Where J = jump_size, W = number of workers. The jump optimization reduces D iterations to D/J jumps plus occasional scans.

---

## Comparison

| Aspect | RadixTree | PositionalIndexer |
|--------|-----------|-------------------|
| **Structure** | Tree with Rc<RefCell<>> nodes | DashMap with compound keys |
| **Concurrent variant** | ConcurrentRadixTree (Arc<RwLock<>> + DashMap) | Thread-safe by default (DashMap + RwLock) |
| **find_matches** | O(D×W) tree traversal | O(D/J) with jump optimization |
| **store_blocks** | O(N) node creation | O(N) DashMap inserts |
| **remove_blocks** | O(N) with cascading cleanup | O(N) with entry cleanup |
| **dump_events** | BFS traversal of tree | Sort by position per worker |
| **Memory** | Higher (Rc/Arc overhead per node) | Lower (flat entries) |
| **Cache locality** | Poor (pointer chasing) | Better (position-first) |

### Benchmark Results (1M blocks, depth 1024, 128 workers)

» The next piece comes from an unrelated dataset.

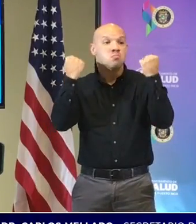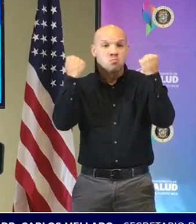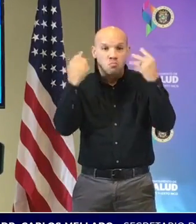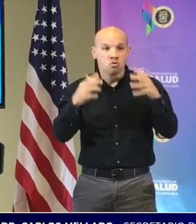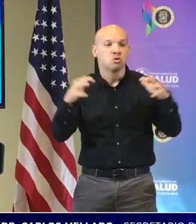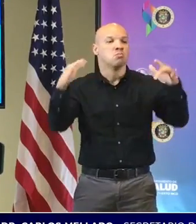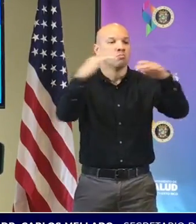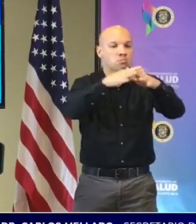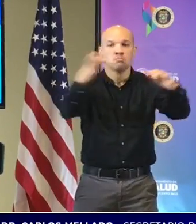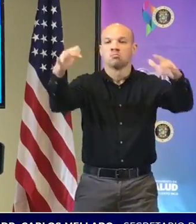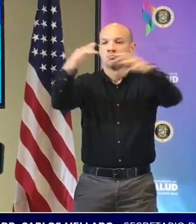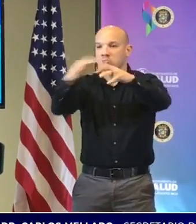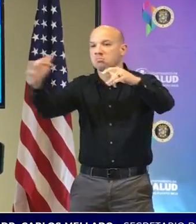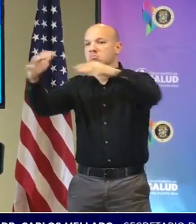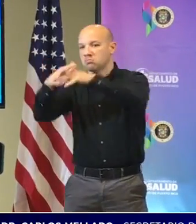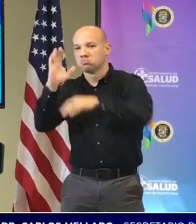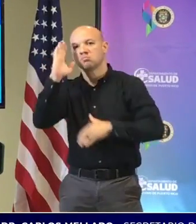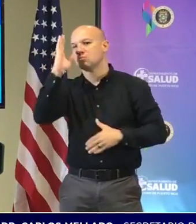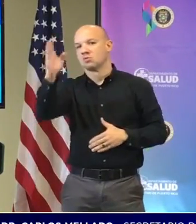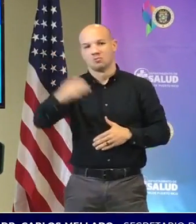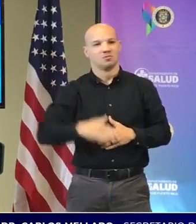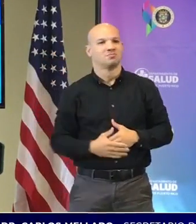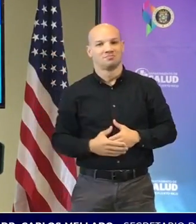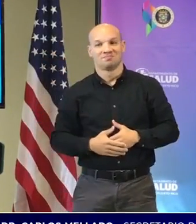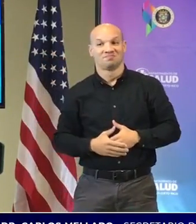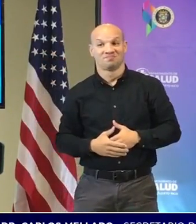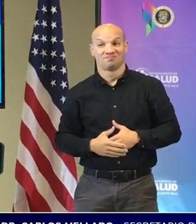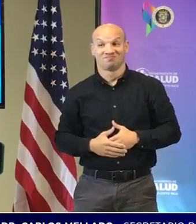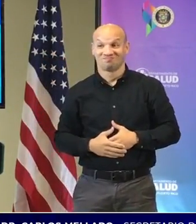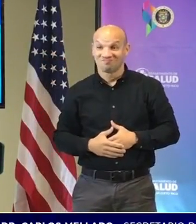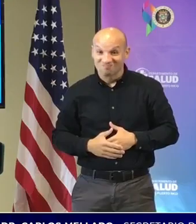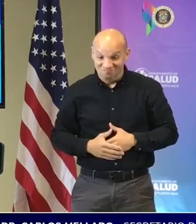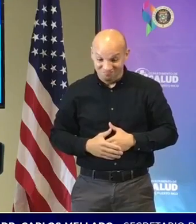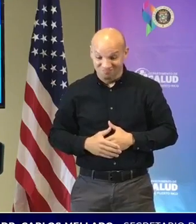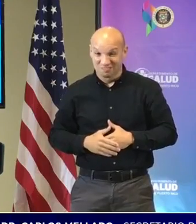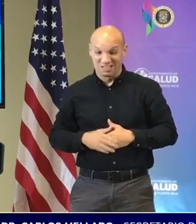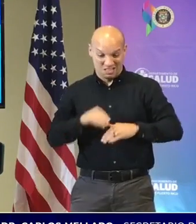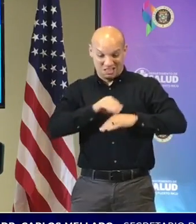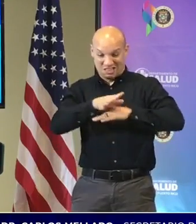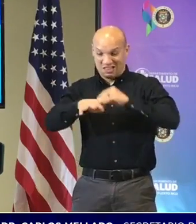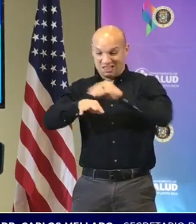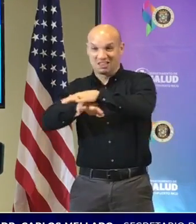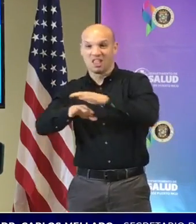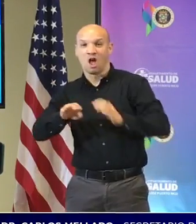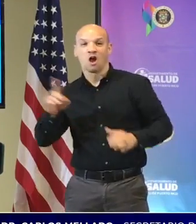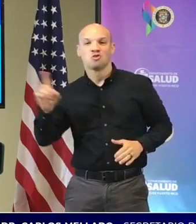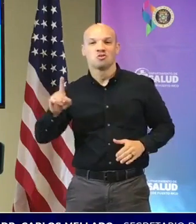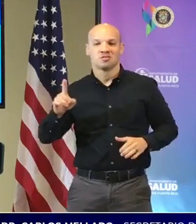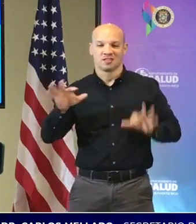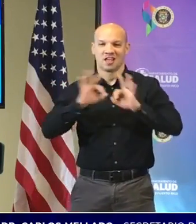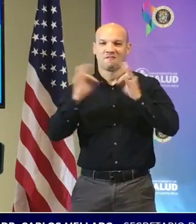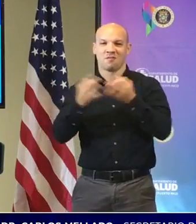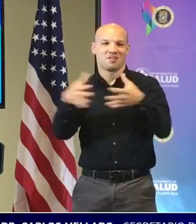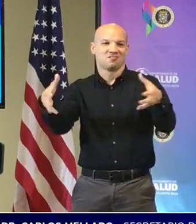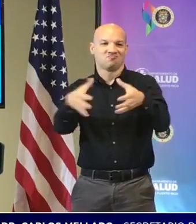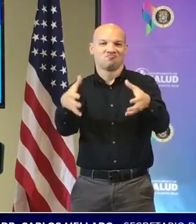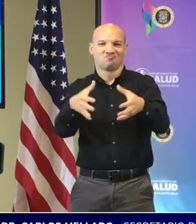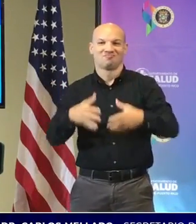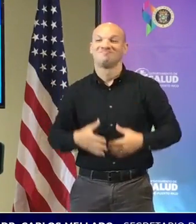la gran cantidad de contagios están ocurriendo en actividades familiares por lo tanto la exhortación es

| Operation | RadixTree | NestedMap | Winner |
|-----------|-----------|-----------|--------|
| STORE_BLOCK | 90µs | 98µs | RadixTree (1.1x) |
| REMOVE_BLOCK | 91µs | 233µs | RadixTree (2.5x) |
| FIND_MATCHES (HIT) | 227µs | **44µs** | **NestedMap (5.2x)** |
| FIND_MATCHES (PARTIAL) | 216µs | **44µs** | **NestedMap (4.9x)** |

**Recommendation**: Use NestedMap for read-heavy workloads (typical router usage).

---

## Why Position Matters for PositionalIndexer

The compound key `(position, local_hash)` in the DashMap enables the jump optimization:

```rust
// Without position-first: must traverse entire tree
for pos in 0..depth {
    node = node.children[local_hashes[pos]];  // O(depth) traversals
}

// With position-first: can jump directly to any position
let workers_at_64 = index.get(&(64, local_hashes[64]));  // O(1) lookup
let workers_at_128 = index.get(&(128, local_hashes[128]));  // O(1) lookup
// Skip positions 1-63, 65-127 entirely!
```

---

## SeqEntry Optimization

The innermost level uses an enum to avoid HashMap allocation in the common case:

```rust
enum SeqEntry {
    // Common: one prefix leads to this (position, local_hash)
    Single(SeqHash, HashSet<Worker>),

    // Rare: different prefixes converge on same (position, local_hash)
    Multi(HashMap<SeqHash, HashSet<Worker>>),
}
```

**When does Multi occur?**

Only when two different sequences have:
1. Same local block content at position P
2. Different prefix histories (different seq_hash)

Example:
```
Sequence A: [tok1, tok2, tok3] → positions 0,1,2
Sequence B: [tok4, tok5, tok3] → positions 0,1,2
                       ^^^^
                 Same local content at pos=2
                 but different seq_hash!
```

This is rare in practice, so `Single` saves ~48 bytes per entry.